--- START ---
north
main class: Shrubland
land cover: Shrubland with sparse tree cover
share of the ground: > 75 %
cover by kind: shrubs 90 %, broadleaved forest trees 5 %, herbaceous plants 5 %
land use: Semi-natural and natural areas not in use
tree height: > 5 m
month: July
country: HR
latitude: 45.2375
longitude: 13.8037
--- END ---
--- START ---
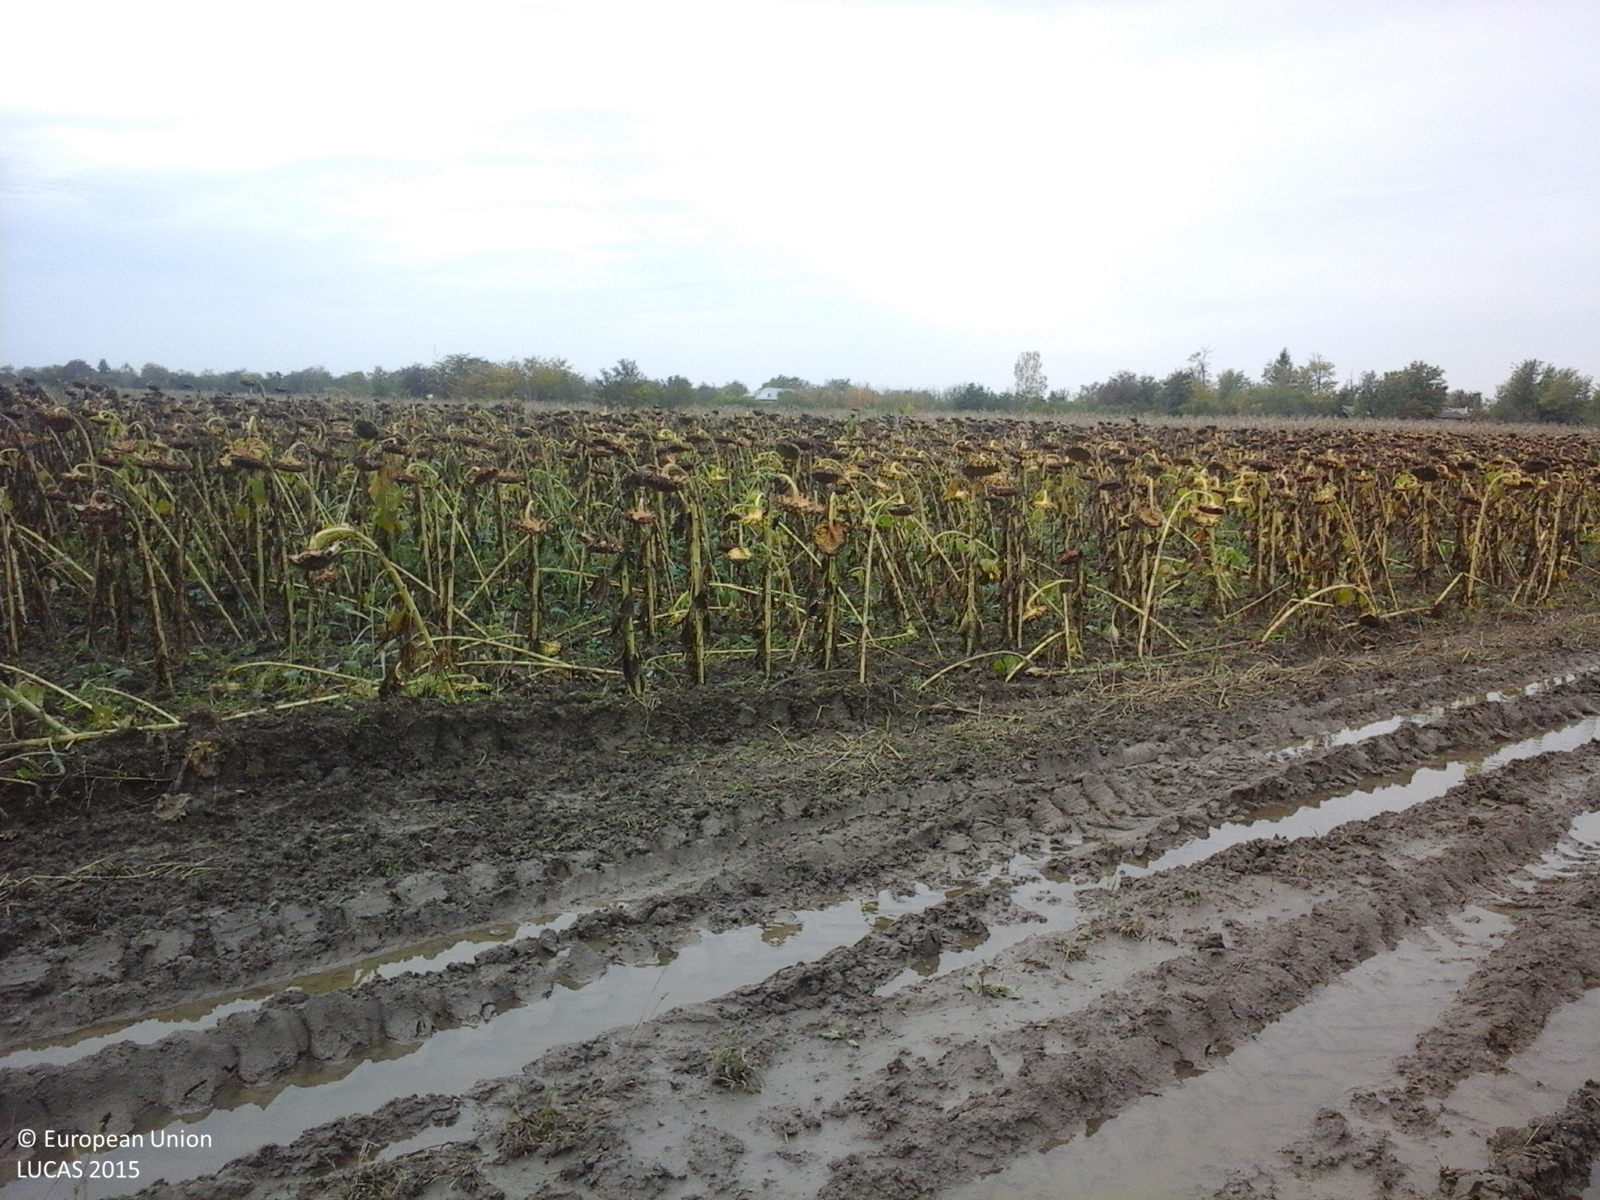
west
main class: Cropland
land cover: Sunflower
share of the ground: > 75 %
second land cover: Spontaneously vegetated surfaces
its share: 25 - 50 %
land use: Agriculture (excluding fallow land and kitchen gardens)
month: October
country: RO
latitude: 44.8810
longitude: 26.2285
--- END ---
• _WHAT YOU WILL DO_
Considering only the material above, set down every line from the one with "land cover: Sunflower" to the one with "longitude: 26.2285", inclusive, exactly as written.

• _TASK SOLUTION_
land cover: Sunflower
share of the ground: > 75 %
second land cover: Spontaneously vegetated surfaces
its share: 25 - 50 %
land use: Agriculture (excluding fallow land and kitchen gardens)
month: October
country: RO
latitude: 44.8810
longitude: 26.2285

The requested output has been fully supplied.